Summary
The effects of non-pharmaceutical interventions on the COVID-19 pandemic are very difficult to evaluate. In particular, most studies on the issue fail to adequately take into account the fact that people voluntarily change their behavior in response to changes in epidemic conditions, which can reduce transmission independently of non-pharmaceutical interventions and confound the effect of non-pharmaceutical interventions.
Chernozhukov et al. (2021) is unusually mindful of this problem and the authors tried to control for the effect of voluntary behavioral changes. They found that, even when you take that into account, non-pharmaceutical interventions led to a substantial reduction in cases and deaths during the first wave in the US.
However, their conclusions rest on dubious assumptions, and are very sensitive to reasonable changes in the specification of the model. When the same analysis is performed on a broad range of plausible specifications of the model, none of the effects are robust. This is true even for their headline result about the effect of mandating face masks for employees of public-facing businesses.

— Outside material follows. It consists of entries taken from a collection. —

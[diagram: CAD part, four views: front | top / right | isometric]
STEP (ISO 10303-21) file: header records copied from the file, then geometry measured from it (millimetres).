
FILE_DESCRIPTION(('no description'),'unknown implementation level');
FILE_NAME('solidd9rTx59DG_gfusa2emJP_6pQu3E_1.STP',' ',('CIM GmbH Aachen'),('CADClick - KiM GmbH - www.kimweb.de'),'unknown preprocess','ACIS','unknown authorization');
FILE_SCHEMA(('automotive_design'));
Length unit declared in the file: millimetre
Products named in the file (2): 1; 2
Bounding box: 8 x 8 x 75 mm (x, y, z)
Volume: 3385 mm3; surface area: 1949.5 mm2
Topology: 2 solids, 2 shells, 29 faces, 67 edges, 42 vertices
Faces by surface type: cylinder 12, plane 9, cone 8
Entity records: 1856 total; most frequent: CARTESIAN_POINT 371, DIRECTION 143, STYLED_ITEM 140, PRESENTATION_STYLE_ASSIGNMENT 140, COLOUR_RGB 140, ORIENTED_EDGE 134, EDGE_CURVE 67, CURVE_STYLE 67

Another reason to regard even this result as dubious is that, when the same analysis is performed to evaluate the effect of mandating face masks for everyone and not just employees of public-facing businesses, the effect totally disappears and is even positive in many specifications. The authors collected data on this broader policy, so they could have performed this analysis in the paper, but they failed to do so despite speculating in the paper that mandating face masks for everyone could have a much larger effect than just mandating them for employees.
This suggests that something is wrong with the kind of model Chernozhukov et al. used to evaluate the effects of non-pharmaceutical interventions. In order to investigate this issue, I fit a much simpler version of this model on simulated data and find that, even in very favorable conditions, the model performs extremely poorly. I also show with placebo tests that it can easily find spurious effects. This is a problem not just for this particular study, but for any study that relies on that kind of model to study the effects of non-pharmaceutical interventions.

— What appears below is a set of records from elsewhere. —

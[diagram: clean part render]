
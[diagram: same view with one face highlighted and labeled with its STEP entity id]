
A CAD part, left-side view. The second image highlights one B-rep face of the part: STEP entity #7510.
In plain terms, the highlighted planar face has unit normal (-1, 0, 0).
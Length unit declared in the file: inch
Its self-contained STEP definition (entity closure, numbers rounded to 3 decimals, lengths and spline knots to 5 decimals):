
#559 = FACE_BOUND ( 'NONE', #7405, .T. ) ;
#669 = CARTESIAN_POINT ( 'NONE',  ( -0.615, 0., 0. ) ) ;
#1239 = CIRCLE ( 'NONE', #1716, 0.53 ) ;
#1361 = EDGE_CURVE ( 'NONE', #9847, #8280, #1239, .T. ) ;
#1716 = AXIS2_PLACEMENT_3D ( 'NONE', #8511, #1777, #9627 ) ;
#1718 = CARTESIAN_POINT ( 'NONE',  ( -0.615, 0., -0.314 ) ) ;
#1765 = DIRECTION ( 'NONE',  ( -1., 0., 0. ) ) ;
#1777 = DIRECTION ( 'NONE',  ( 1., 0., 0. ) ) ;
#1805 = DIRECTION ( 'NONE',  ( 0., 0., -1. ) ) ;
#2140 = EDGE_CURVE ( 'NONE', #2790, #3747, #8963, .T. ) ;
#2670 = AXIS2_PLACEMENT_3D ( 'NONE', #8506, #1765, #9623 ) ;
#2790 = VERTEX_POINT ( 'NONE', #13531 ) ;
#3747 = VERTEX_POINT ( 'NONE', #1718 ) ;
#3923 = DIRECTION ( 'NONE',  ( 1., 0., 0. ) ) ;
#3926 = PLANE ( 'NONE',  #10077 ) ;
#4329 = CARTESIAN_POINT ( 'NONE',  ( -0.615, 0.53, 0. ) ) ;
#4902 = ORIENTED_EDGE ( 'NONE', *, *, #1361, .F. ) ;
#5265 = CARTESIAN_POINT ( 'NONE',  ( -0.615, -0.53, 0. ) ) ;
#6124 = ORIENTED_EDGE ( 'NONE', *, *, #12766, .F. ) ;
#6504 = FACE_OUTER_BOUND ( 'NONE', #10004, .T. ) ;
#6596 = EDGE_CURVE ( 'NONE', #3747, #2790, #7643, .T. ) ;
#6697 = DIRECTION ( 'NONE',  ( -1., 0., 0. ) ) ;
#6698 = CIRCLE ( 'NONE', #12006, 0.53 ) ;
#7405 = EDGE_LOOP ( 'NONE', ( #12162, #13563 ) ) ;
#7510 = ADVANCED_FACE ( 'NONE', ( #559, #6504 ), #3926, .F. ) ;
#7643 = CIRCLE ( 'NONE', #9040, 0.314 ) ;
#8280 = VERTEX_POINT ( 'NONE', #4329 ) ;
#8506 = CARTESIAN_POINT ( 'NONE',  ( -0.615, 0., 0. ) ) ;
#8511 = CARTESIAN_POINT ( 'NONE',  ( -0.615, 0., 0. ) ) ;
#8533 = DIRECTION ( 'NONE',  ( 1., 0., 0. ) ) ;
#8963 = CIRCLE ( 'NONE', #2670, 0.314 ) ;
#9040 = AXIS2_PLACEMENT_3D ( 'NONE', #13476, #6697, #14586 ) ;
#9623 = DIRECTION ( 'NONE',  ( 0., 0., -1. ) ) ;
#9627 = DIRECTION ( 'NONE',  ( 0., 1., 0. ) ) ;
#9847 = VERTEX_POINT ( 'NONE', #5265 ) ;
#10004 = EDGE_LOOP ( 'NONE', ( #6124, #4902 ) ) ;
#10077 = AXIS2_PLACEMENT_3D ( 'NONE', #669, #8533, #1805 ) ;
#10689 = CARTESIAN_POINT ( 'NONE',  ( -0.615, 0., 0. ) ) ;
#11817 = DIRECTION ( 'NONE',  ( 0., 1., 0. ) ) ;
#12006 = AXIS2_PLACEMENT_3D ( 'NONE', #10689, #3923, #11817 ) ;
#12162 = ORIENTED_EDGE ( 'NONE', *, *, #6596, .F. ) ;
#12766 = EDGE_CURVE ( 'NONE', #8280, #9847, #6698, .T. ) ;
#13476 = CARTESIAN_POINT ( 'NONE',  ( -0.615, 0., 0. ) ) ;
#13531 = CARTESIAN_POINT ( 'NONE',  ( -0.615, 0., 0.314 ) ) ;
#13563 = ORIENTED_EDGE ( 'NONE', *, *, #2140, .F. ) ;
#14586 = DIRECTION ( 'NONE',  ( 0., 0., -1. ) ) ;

In the debate about lockdowns and other restrictions to slow down SARS-CoV-2’s spread, people on both sides like to cite studies that support their position. Indeed, whether you’re in favor of stringent restrictions or opposed to them, there is no shortage of studies that you can use to claim that your position is vindicated by science. To be sure, you mostly hear about pro-lockdown studies in the media, because journalists tend to be pro-lockdown, but there are plenty of studies whose conclusions vindicate the anti-lockdown side of the debate. As I explained in my case against lockdowns, most studies about the effect of non-pharmaceutical interventions fall roughly into 2 categories. First, you have studies that fit an epidemiological model, typically a compartmental model of some kind, on epidemic data. Non-pharmaceutical interventions are assumed by the model to affect transmission in a certain way and their effect is estimated by fitting the model on actual epidemic data. The other type of studies use econometric methods to estimate the association between non-pharmaceutical interventions and the growth rate of the epidemic or some related quantity such as R. They basically try to determine whether the epidemic grows more slowly when non-pharmaceutical interventions are in place.

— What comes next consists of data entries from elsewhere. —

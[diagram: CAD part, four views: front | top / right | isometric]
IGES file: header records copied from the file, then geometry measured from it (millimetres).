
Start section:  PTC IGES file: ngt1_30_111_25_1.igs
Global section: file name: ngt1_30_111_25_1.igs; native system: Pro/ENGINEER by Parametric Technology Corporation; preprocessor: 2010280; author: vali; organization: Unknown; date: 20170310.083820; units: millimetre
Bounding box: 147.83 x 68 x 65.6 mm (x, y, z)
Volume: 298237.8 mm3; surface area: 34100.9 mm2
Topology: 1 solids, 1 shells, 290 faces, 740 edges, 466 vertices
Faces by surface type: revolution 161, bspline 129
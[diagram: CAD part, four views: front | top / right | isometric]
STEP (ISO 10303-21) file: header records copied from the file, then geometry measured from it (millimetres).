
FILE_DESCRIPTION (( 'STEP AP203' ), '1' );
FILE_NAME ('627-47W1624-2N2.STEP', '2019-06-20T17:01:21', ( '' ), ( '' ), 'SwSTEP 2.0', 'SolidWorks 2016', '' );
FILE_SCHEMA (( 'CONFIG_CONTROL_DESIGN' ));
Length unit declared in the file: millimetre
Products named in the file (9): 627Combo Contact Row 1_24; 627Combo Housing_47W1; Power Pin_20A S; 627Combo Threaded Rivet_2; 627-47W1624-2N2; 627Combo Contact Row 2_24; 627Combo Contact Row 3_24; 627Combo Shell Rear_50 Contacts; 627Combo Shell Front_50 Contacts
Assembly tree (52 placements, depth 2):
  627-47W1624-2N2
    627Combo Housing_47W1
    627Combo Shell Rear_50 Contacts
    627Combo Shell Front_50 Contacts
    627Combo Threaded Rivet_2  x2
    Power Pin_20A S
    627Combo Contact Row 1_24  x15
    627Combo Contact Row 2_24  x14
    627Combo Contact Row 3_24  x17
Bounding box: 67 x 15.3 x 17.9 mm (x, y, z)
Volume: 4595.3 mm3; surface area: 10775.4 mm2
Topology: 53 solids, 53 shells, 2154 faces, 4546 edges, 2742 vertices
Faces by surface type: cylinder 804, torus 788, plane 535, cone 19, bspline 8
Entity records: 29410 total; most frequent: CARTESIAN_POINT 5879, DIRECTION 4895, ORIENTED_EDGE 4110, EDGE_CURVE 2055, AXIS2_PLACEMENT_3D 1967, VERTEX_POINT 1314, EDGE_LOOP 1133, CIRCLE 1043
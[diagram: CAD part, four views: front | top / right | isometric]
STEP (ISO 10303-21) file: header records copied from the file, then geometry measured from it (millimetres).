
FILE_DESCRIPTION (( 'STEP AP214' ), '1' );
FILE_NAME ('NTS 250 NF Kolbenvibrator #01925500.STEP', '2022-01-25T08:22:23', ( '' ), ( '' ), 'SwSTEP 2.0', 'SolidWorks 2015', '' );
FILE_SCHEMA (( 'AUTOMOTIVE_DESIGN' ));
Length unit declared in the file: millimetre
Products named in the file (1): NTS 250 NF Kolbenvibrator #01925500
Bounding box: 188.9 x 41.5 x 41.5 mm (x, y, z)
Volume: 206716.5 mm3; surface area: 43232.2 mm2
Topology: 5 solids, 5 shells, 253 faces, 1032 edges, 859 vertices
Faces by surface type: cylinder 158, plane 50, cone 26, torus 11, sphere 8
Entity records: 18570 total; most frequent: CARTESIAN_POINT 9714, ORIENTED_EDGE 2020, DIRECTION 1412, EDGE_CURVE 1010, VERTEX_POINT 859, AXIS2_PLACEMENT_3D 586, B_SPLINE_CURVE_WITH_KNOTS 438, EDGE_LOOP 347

The fundamental problem with the first kind of study is that, in order to use that approach, one has to make very strong mechanistic assumptions that at best one is not in a position to make and at worst are known to be false. Indeed, studies that fall in that category almost systematically assume that, until the herd immunity threshold is reached, only government interventions affect transmission, which is clearly false. If that were true, in the absence of government interventions, the epidemic would continue to grow until the herd immunity threshold is reached, at which point incidence would start to fall. But we have seen over and over that, even when R is much higher than 1 and the government doesn’t do anything more than it’s already doing, incidence peaks long before the herd immunity threshold is reached. There are several possible explanations for this phenomenon, which are usually not mutually exclusive, but my favorite is that, even in the absence of government interventions, people change their behavior in a way that reduces transmission when incidence starts blowing up. Of course, I’m not saying that people check incidence curves and adjust their behavior when they start climbing, but that people respond to various signals — the news is suddenly full of reports about hospitals filling up, people start hearing about friends and acquaintances who have been infected, etc. — that are correlated with rising incidence.